Шрифт:
— Чего ж ты не скажешь, что отца нету? — упрекнул он мать и, не дожидаясь ответа, с настойчивостью измученного и потерявшего всякое терпение человека потребовал: — Пусти в школу! Пусти, а то горшок разобью на мелкие кусочки!
И хотя в Яшке говорил сейчас, своевольный характер отца, но в продолговатом лице его с прямым, как у матери, носом, с серыми добродушными глазами была скорее просьба, чем досада и непокорность.
Обозвав сына сморчком, мать обняла его и все же разрешила идти в школу. Яшка даже вспотел от неожиданной радости.
— Я и знал, что отпустишь, — сказал он.
— Гляди, на отца не наскочи!..
Но слышал ли Яшка эти слова — трудно сказать, потому что стук его сапог донесся уже не из сенцев, а со ступенек крыльца и тут же заглох.

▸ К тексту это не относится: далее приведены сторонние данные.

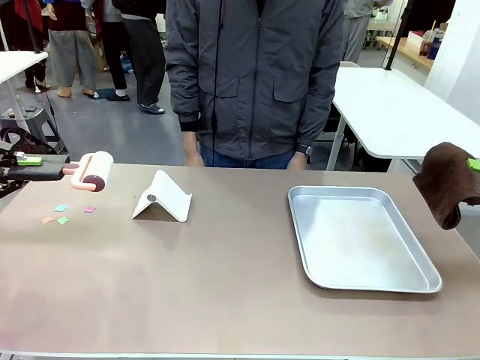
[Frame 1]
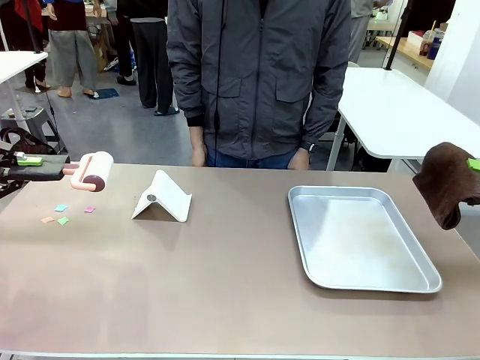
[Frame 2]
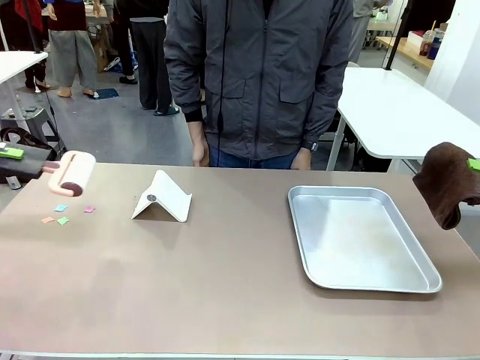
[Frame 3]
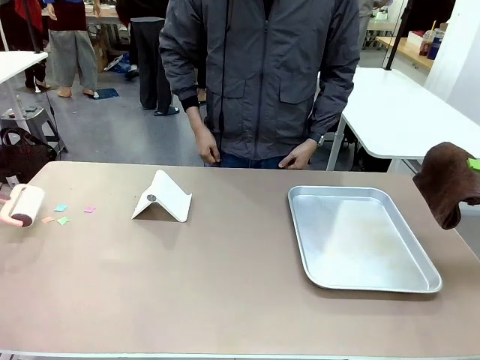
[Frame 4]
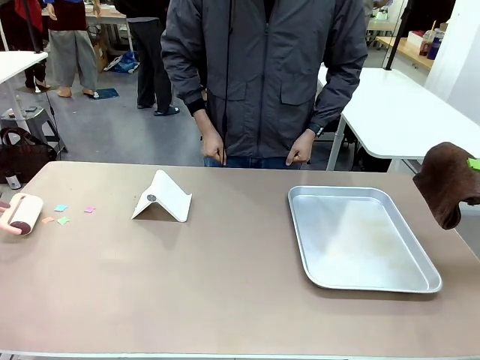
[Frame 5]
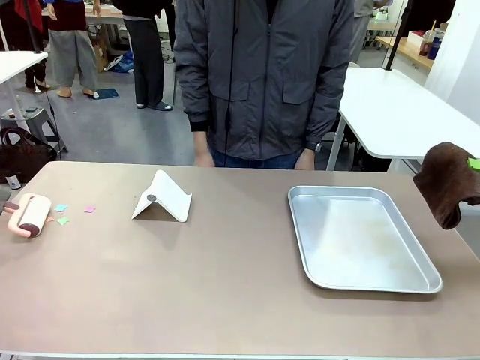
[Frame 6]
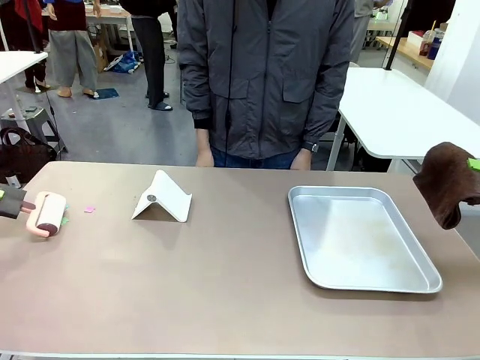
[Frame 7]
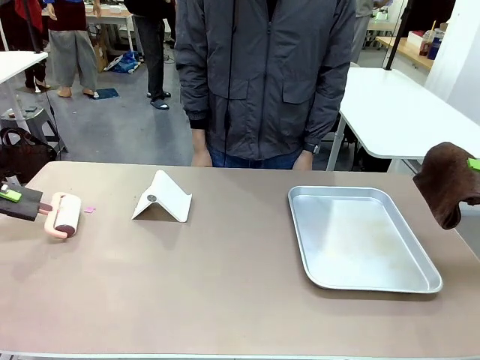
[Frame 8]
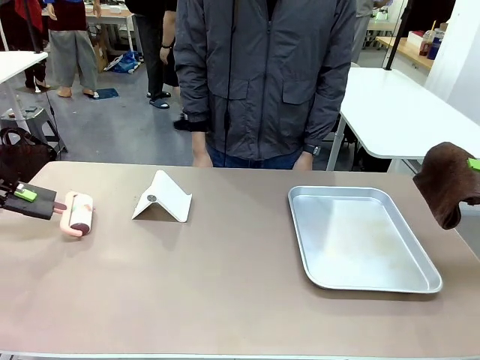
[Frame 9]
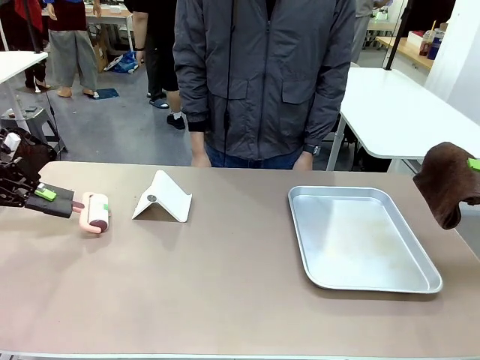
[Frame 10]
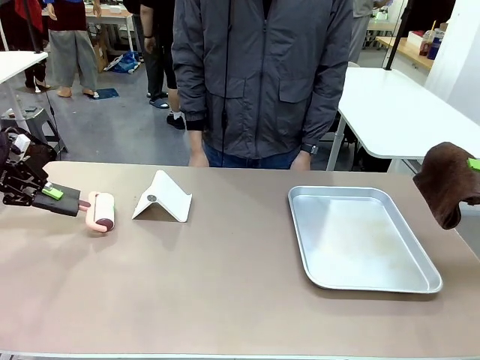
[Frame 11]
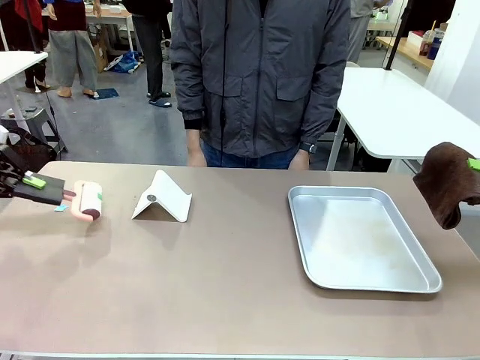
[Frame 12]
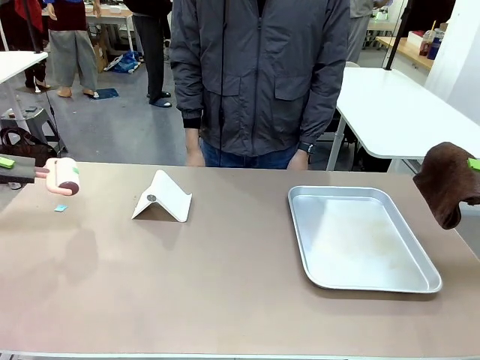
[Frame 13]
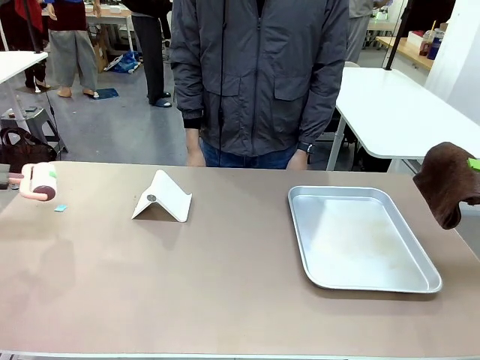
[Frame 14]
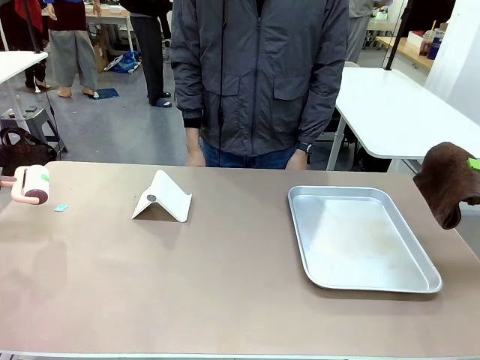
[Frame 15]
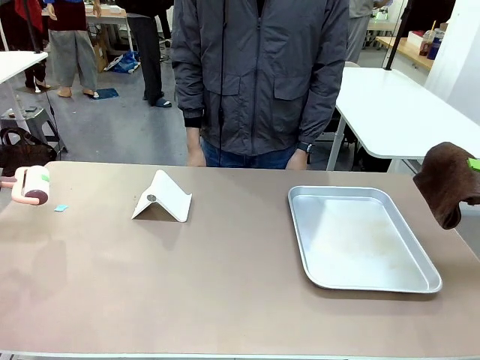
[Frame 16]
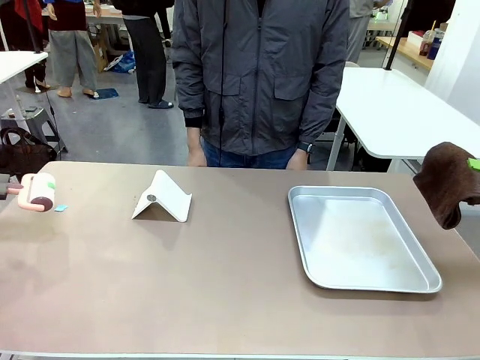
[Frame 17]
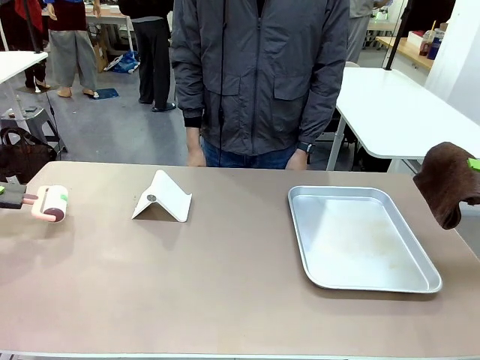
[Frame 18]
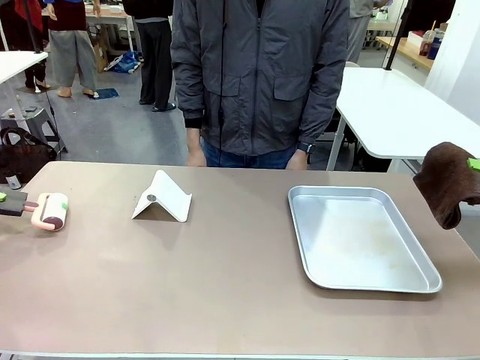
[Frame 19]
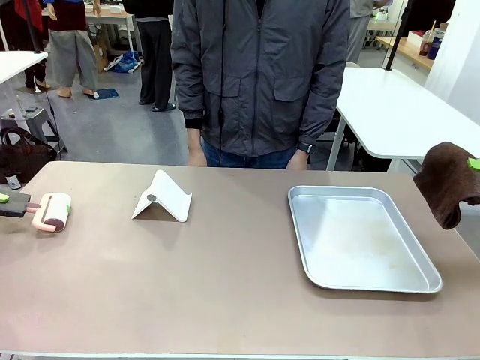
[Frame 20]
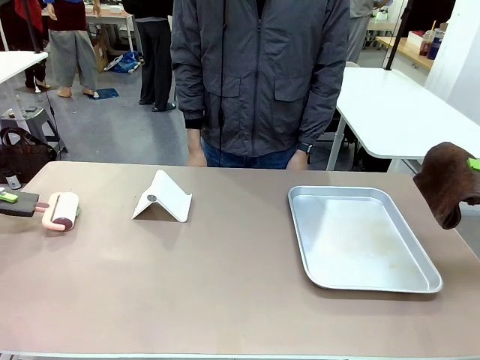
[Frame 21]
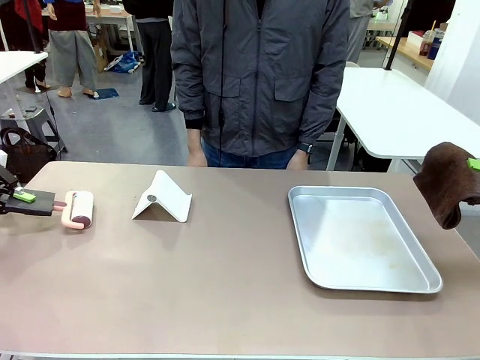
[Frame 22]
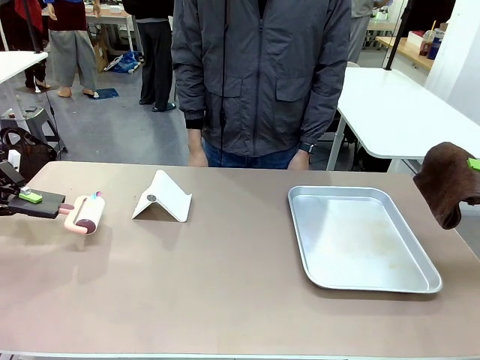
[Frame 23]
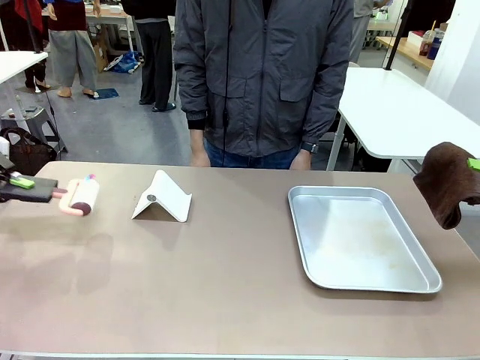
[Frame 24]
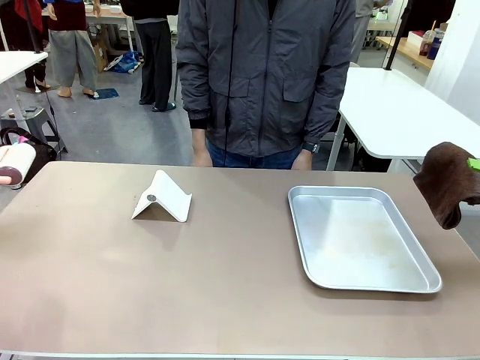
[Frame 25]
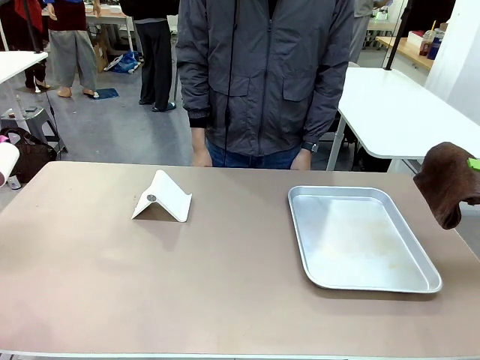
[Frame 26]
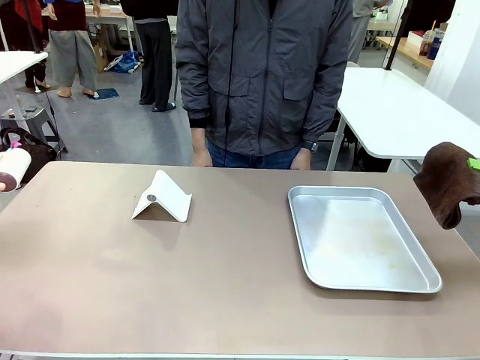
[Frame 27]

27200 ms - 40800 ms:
Task: Clean the surface of the table.
Robot: Clean the area not pointed to by the person.

Петровна и Васена сидели за столом и, попивая чай из блюдечек, которые держали на кончиках пальцев, то и дело высказывали свое удивление по поводу той или иной хуторской новости.
— Брехали, что убили в дороге и Хвиноя и остальных, а они вон вернулись с громышками… А чьи громышки?.. В Поповке прихватили этого, что ездил с громышками… Ему голову оттяпали, а громышки навесили на своих коней. Вот оно как, — говорила Васена, вытирая вспотевшее от горячего чая лицо.
Осторожная Петровна свела разговор на другую стежку:
— А эти-то, милая Васена, шамиловцы да Андрей и Хвиной… Иду я к вам речкой, они Матвеевым переулком спускаются на лед. Слушаю я, а они: гу-гу, гу-гу-гу… Разговорились, как гусь с энтим делом. Спрашиваю: куда это, кумовья? Хвиной хоть с фасоном, а все ж сказал — на вечеринку, в школу… А Андрей и не оглянулся…
Забыв о дорогой гостье, Федор Ковалев не возвращался домой.
В Осиновской школе дощатые переборки между классами сдвинули к стенам и получился большой зал. В этом зале сейчас говорливо. В проходах между партами, за которыми тесно уселись собравшиеся, узорами темнеет на полу потаявший снег, занесенный сюда на валенках и сапогах.
В зале пасмурный полумрак, но впереди, где невысокая сцена, горит около десятка ламп. Пестрый занавес и смешит и радует сердце: его стачали из полотнищ мешковины, из кусков домотканной суровины, из цветастого ситца, а клеточки темно-синего сатина выделяются на нем, как черные квадраты на шахматной доске. Все это принесли из дому те осиновцы, которых волновала новая жизнь, кто с робкой и затаенной радостью шел ей навстречу.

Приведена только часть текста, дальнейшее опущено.